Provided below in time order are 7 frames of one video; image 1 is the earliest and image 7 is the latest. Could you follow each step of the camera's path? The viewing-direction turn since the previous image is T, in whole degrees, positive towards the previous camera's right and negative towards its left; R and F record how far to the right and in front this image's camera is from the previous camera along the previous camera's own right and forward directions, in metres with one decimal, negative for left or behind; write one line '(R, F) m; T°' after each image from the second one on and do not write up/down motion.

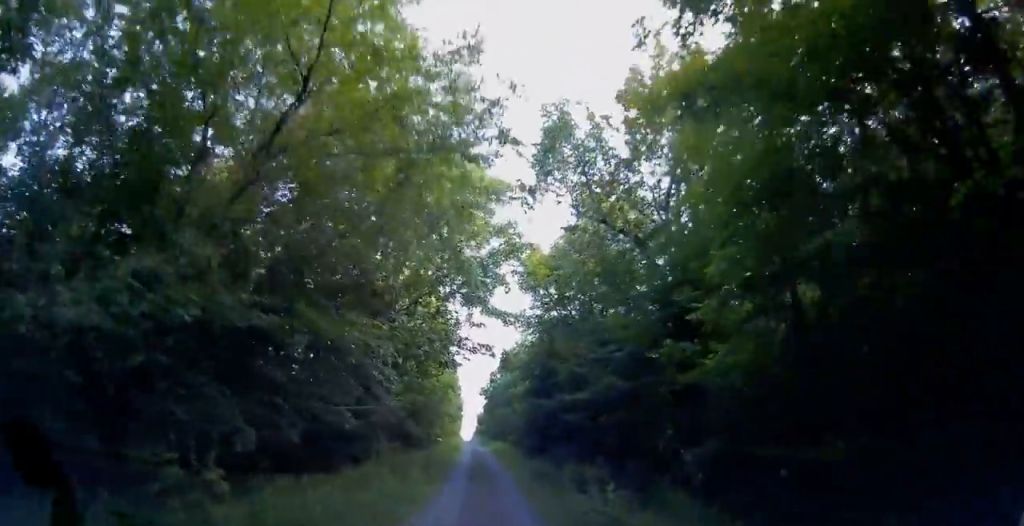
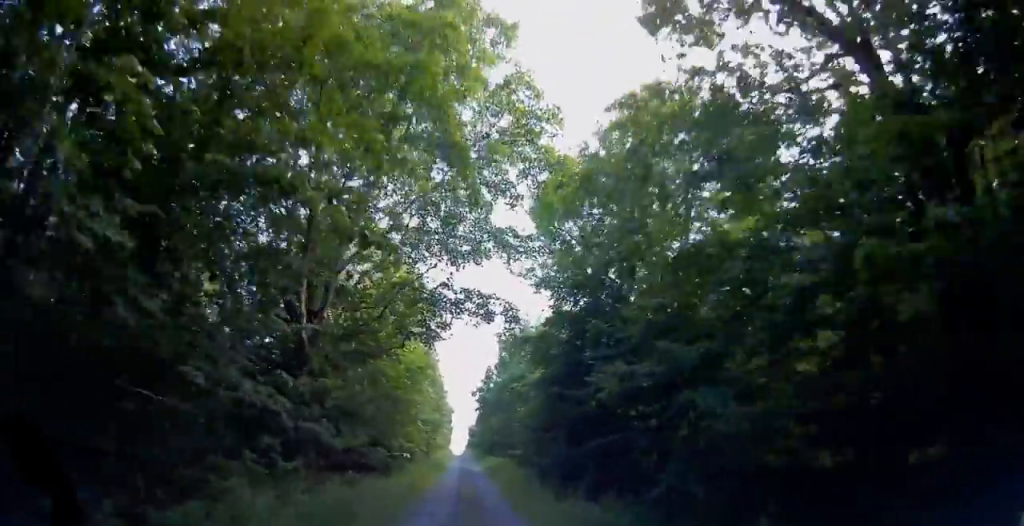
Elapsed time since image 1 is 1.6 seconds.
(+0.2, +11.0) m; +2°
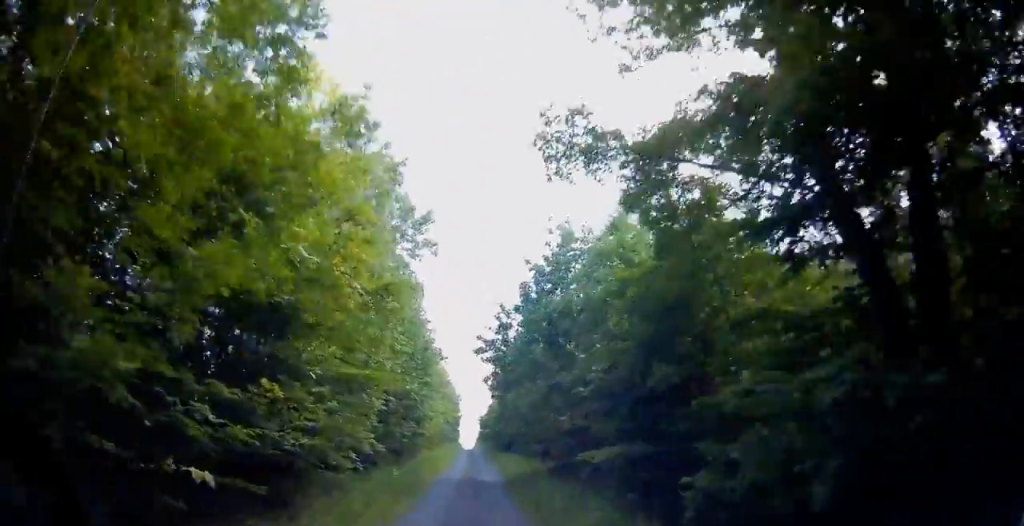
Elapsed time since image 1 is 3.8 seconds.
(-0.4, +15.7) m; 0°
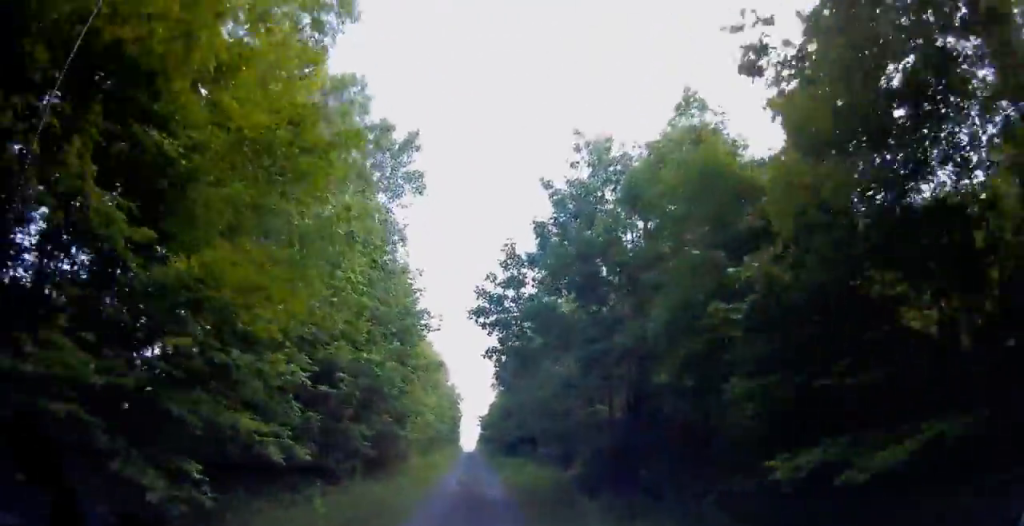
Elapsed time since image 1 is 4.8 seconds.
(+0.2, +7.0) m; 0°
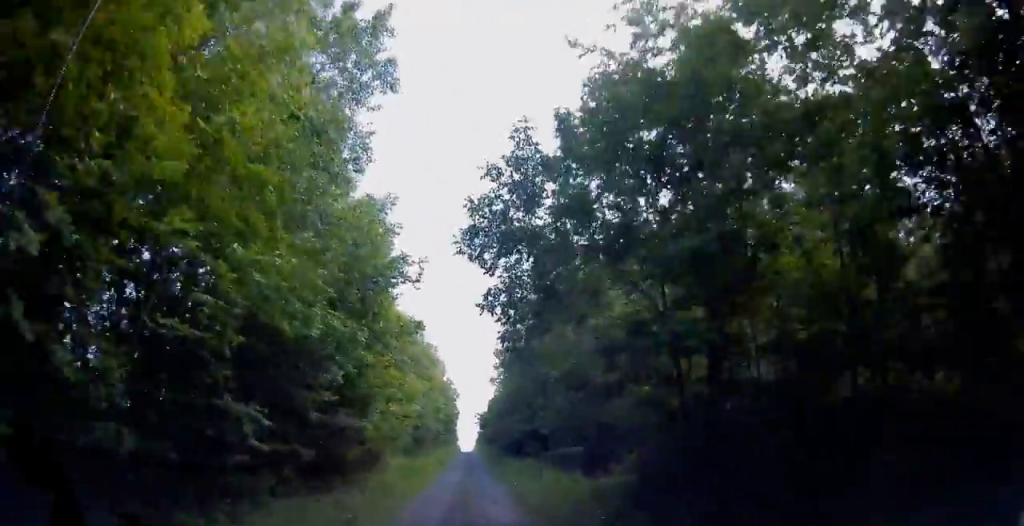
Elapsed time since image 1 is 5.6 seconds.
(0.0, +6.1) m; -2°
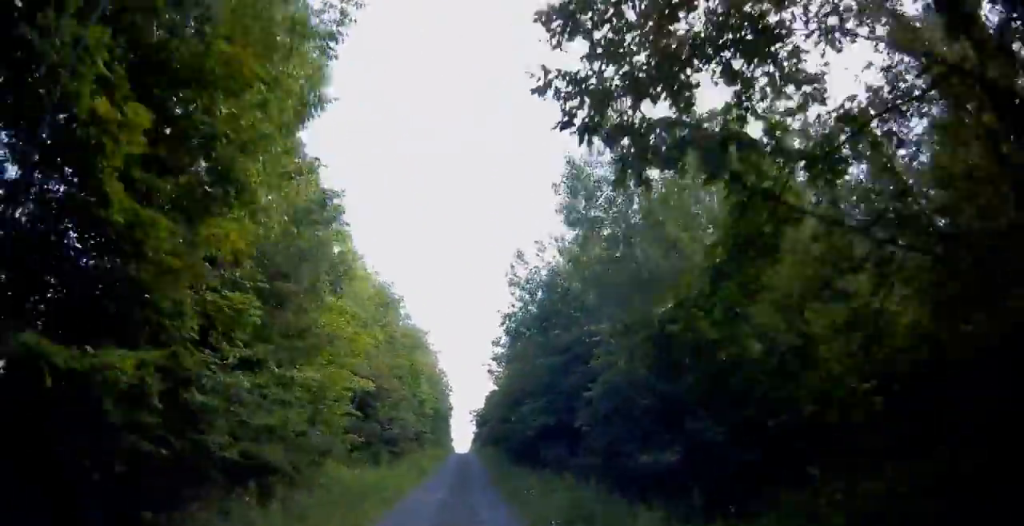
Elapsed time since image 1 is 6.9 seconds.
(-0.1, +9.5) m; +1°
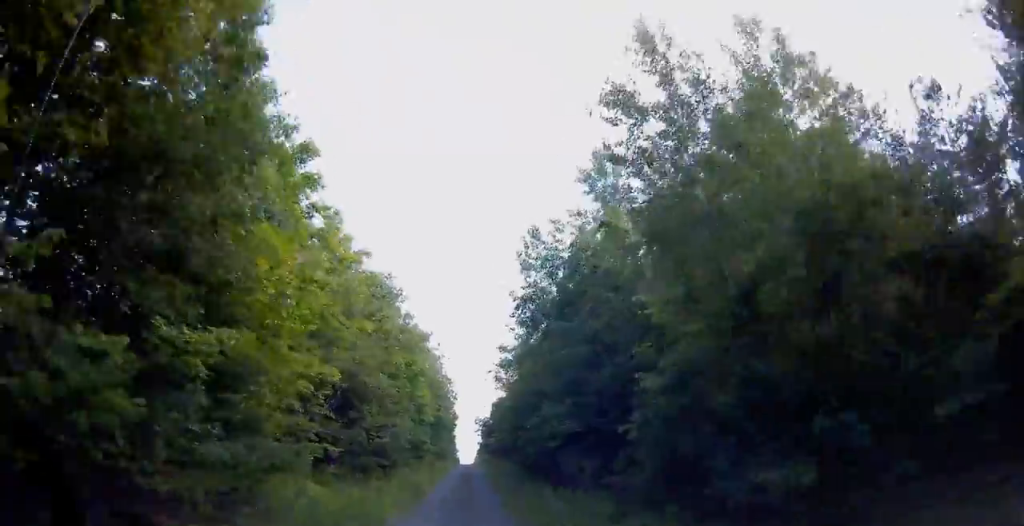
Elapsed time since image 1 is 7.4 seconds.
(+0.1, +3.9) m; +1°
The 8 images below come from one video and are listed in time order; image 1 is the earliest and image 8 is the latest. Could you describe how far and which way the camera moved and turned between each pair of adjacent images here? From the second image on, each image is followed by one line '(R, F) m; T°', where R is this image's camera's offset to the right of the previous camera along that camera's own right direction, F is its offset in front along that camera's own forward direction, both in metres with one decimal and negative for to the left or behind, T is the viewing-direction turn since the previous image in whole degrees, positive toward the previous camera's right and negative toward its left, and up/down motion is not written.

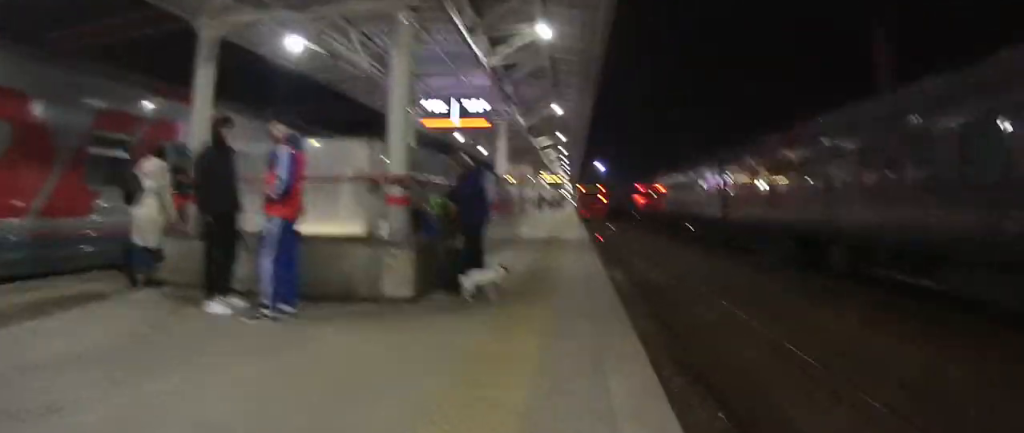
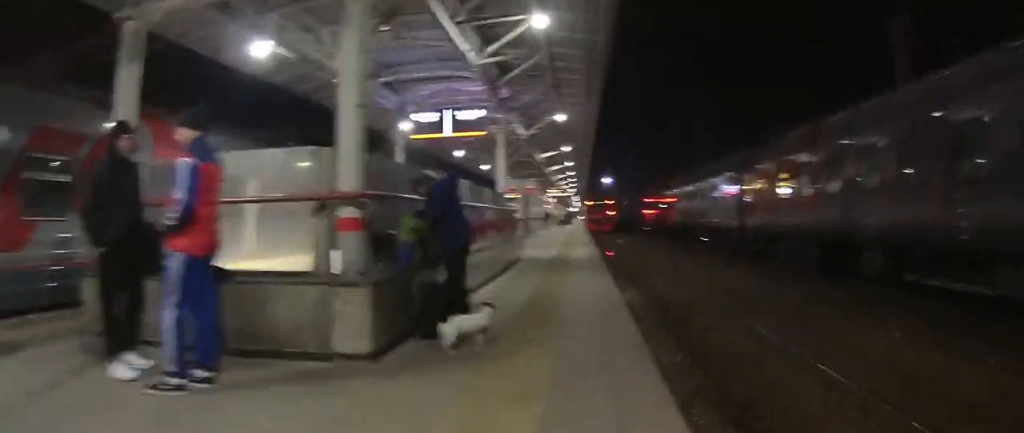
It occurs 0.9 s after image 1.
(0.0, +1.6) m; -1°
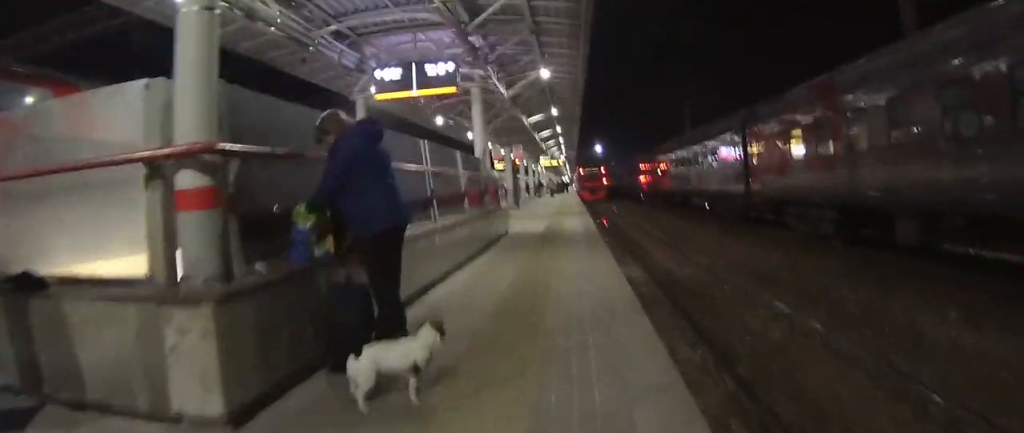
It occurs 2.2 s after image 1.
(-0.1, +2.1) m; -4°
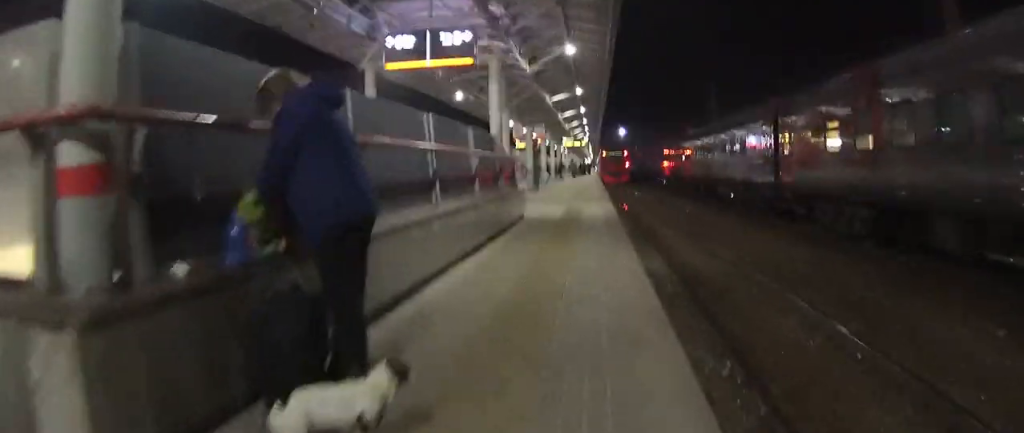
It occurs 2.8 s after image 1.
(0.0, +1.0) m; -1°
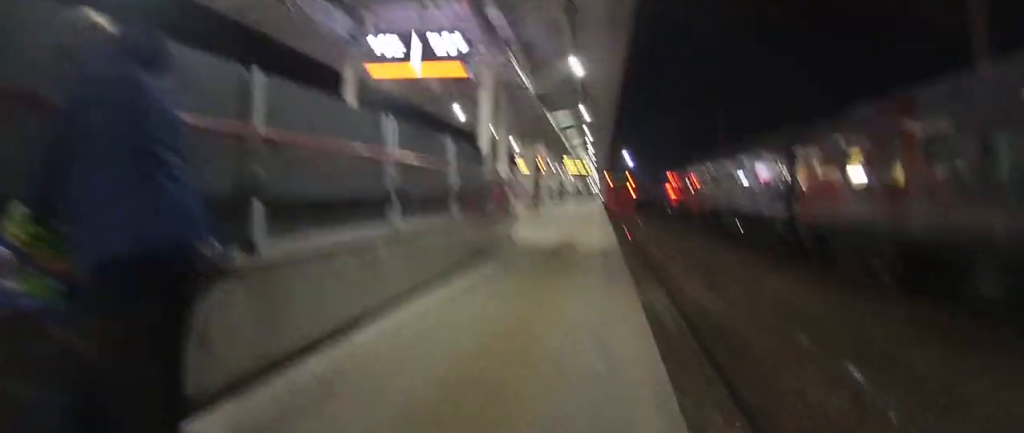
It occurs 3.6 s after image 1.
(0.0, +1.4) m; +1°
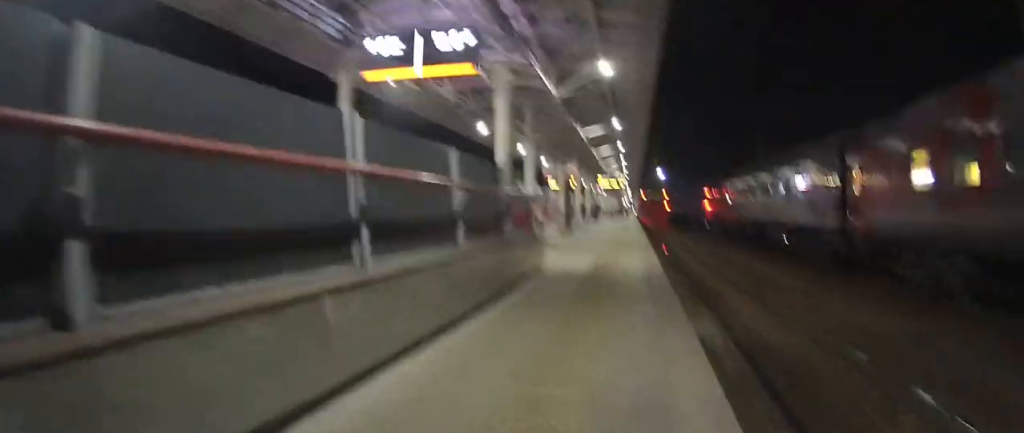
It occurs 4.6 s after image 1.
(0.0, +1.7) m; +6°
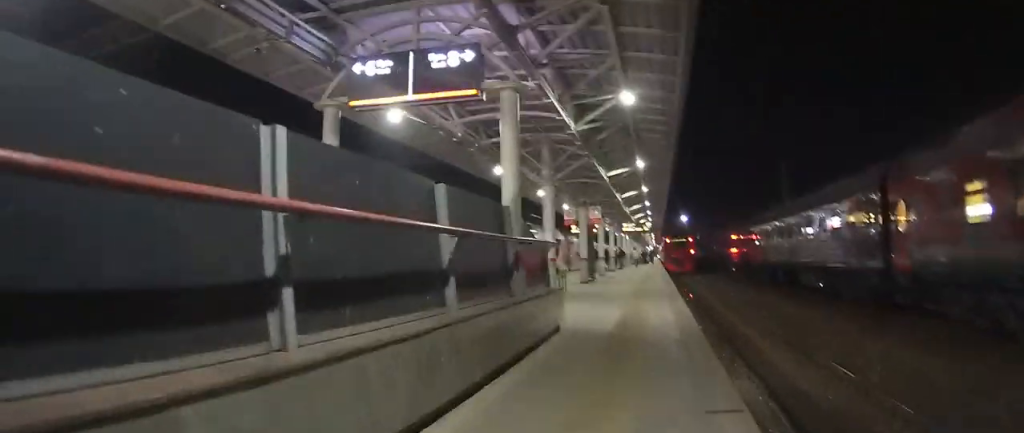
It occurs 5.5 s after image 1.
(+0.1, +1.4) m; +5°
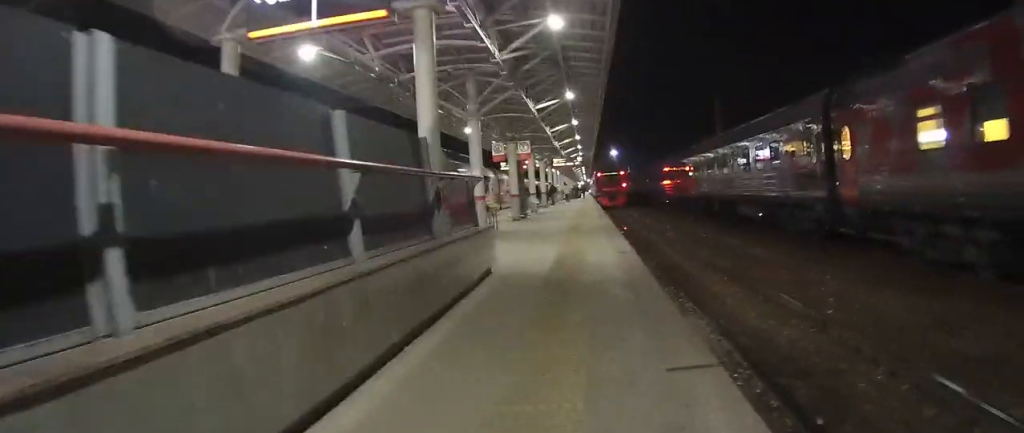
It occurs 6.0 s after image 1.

WHAT YOU WILL DO:
At the line containing "Elapsed time since image 1 is 1.6 seconds.", start reproducing exactly, and stop after the last line of the listing; include both ends, and leave the pictures out.

SOLVED PROBLEM:
Elapsed time since image 1 is 1.6 seconds.
(+0.2, +11.0) m; +2°
Elapsed time since image 1 is 3.8 seconds.
(-0.4, +15.7) m; 0°
Elapsed time since image 1 is 4.8 seconds.
(+0.2, +7.0) m; 0°
Elapsed time since image 1 is 5.6 seconds.
(0.0, +6.1) m; -2°
Elapsed time since image 1 is 6.9 seconds.
(-0.1, +9.5) m; +1°
Elapsed time since image 1 is 7.4 seconds.
(+0.1, +3.9) m; +1°
The 8 images below come from one video and are listed in time order; image 1 is the earliest and image 8 is the latest. Could you describe how far and which way the camera moved and turned between each pair of adjacent images here? From the second image on, each image is followed by one line '(R, F) m; T°', where R is this image's camera's offset to the right of the previous camera along that camera's own right direction, F is its offset in front along that camera's own forward direction, both in metres with one decimal and negative for to the left or behind, T is the viewing-direction turn since the previous image in whole degrees, positive toward the previous camera's right and negative toward its left, and up/down motion is not written.

It occurs 0.9 s after image 1.
(0.0, +1.6) m; -1°
It occurs 2.2 s after image 1.
(-0.1, +2.1) m; -4°
It occurs 2.8 s after image 1.
(0.0, +1.0) m; -1°
It occurs 3.6 s after image 1.
(0.0, +1.4) m; +1°
It occurs 4.6 s after image 1.
(0.0, +1.7) m; +6°
It occurs 5.5 s after image 1.
(+0.1, +1.4) m; +5°
It occurs 6.0 s after image 1.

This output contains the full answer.